Copy out each line of the entries below in which the string "country" appears.

▶ [INFORMATION GIVEN]:
▼
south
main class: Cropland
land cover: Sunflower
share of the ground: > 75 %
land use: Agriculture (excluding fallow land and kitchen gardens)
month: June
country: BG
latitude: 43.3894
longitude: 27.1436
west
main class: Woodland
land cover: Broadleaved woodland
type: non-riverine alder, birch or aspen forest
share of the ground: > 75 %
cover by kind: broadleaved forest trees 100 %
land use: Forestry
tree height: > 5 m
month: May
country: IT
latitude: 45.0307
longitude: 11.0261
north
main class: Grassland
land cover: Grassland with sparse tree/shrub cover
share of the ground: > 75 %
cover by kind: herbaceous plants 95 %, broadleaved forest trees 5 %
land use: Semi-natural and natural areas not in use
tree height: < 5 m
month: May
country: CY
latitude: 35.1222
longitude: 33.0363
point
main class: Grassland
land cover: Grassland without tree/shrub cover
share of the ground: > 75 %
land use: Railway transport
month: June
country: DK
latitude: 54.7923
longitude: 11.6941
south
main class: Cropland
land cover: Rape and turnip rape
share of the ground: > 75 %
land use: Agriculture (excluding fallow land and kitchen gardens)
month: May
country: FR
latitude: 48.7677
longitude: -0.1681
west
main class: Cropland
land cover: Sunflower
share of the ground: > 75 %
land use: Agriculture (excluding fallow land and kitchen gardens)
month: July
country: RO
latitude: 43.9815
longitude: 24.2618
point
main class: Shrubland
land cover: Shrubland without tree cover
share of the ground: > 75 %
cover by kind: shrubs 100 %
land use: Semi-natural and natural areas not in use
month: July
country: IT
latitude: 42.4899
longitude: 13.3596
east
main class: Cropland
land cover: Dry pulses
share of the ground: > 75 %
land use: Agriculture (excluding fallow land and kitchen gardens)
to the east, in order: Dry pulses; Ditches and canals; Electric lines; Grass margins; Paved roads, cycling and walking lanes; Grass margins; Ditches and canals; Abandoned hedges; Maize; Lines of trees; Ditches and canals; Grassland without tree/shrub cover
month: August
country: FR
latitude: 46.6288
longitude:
▲
▶ [ANSWER TO THE PROBLEM]:
country: BG
country: IT
country: CY
country: DK
country: FR
country: RO
country: IT
country: FR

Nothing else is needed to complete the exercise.